### [What you should do]
Report back every line in the data that includes the string "trees".

### [The data]
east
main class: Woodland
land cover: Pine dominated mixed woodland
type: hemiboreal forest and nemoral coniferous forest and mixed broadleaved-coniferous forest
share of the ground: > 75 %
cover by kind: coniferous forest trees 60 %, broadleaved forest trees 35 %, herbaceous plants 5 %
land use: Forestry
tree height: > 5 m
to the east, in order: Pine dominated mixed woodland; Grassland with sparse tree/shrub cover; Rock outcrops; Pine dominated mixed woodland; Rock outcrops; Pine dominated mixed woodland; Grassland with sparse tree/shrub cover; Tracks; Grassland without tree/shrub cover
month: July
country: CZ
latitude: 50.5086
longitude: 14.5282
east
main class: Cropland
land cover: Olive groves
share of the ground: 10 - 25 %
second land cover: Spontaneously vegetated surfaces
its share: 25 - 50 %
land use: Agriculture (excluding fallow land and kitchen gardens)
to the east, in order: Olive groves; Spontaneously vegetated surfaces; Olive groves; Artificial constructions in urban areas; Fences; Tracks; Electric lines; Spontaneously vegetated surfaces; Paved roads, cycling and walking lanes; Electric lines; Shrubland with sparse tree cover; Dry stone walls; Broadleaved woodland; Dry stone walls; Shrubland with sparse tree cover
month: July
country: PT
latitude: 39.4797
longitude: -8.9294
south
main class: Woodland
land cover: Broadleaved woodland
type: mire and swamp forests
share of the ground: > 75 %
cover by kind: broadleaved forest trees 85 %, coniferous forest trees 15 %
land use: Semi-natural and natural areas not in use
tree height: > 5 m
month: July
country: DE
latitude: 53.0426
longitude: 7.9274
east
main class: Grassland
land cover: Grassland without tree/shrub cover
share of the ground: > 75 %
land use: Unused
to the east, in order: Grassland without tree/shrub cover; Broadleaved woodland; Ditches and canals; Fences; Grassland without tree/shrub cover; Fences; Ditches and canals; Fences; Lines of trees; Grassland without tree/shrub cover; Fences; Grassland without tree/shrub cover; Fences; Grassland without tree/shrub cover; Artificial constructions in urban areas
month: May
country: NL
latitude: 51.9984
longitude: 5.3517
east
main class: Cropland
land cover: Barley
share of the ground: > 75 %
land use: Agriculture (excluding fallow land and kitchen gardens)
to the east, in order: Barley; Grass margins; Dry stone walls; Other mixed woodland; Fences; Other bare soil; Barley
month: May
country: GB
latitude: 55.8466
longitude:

### [Response area]
cover by kind: coniferous forest trees 60 %, broadleaved forest trees 35 %, herbaceous plants 5 %
cover by kind: broadleaved forest trees 85 %, coniferous forest trees 15 %
to the east, in order: Grassland without tree/shrub cover; Broadleaved woodland; Ditches and canals; Fences; Grassland without tree/shrub cover; Fences; Ditches and canals; Fences; Lines of trees; Grassland without tree/shrub cover; Fences; Grassland without tree/shrub cover; Fences; Grassland without tree/shrub cover; Artificial constructions in urban areas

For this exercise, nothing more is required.